Source records

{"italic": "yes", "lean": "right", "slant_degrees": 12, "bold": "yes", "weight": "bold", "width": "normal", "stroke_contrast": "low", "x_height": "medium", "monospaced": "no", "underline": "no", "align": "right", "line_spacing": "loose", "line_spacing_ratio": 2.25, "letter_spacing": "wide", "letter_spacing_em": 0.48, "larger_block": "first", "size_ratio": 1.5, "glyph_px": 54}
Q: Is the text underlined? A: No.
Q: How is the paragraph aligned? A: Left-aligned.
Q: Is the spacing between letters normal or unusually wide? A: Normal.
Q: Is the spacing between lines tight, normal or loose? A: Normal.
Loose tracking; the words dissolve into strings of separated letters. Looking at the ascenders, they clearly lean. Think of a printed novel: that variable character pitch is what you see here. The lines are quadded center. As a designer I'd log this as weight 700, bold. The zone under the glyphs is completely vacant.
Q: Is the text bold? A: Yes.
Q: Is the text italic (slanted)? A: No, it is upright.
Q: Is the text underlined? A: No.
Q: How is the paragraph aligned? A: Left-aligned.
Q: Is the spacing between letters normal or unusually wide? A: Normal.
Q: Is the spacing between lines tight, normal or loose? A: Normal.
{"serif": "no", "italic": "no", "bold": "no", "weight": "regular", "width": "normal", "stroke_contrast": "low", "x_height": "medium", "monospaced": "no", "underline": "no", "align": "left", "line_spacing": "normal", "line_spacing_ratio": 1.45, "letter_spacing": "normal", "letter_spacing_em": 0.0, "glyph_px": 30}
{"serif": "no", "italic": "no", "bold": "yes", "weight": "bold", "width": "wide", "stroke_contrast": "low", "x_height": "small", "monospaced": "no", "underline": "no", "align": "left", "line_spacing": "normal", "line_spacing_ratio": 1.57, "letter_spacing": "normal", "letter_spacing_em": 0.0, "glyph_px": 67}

● **Problem description**:
Output every line of the data again, exactly.

● **Solution to this task**:
{"italic": "yes", "lean": "right", "slant_degrees": 12, "bold": "yes", "weight": "bold", "width": "normal", "stroke_contrast": "low", "x_height": "medium", "monospaced": "no", "underline": "no", "align": "right", "line_spacing": "loose", "line_spacing_ratio": 2.25, "letter_spacing": "wide", "letter_spacing_em": 0.48, "larger_block": "first", "size_ratio": 1.5, "glyph_px": 54}
Q: Is the text underlined? A: No.
Q: How is the paragraph aligned? A: Left-aligned.
Q: Is the spacing between letters normal or unusually wide? A: Normal.
Q: Is the spacing between lines tight, normal or loose? A: Normal.
Loose tracking; the words dissolve into strings of separated letters. Looking at the ascenders, they clearly lean. Think of a printed novel: that variable character pitch is what you see here. The lines are quadded center. As a designer I'd log this as weight 700, bold. The zone under the glyphs is completely vacant.
Q: Is the text bold? A: Yes.
Q: Is the text italic (slanted)? A: No, it is upright.
Q: Is the text underlined? A: No.
Q: How is the paragraph aligned? A: Left-aligned.
Q: Is the spacing between letters normal or unusually wide? A: Normal.
Q: Is the spacing between lines tight, normal or loose? A: Normal.
{"serif": "no", "italic": "no", "bold": "no", "weight": "regular", "width": "normal", "stroke_contrast": "low", "x_height": "medium", "monospaced": "no", "underline": "no", "align": "left", "line_spacing": "normal", "line_spacing_ratio": 1.45, "letter_spacing": "normal", "letter_spacing_em": 0.0, "glyph_px": 30}
{"serif": "no", "italic": "no", "bold": "yes", "weight": "bold", "width": "wide", "stroke_contrast": "low", "x_height": "small", "monospaced": "no", "underline": "no", "align": "left", "line_spacing": "normal", "line_spacing_ratio": 1.57, "letter_spacing": "normal", "letter_spacing_em": 0.0, "glyph_px": 67}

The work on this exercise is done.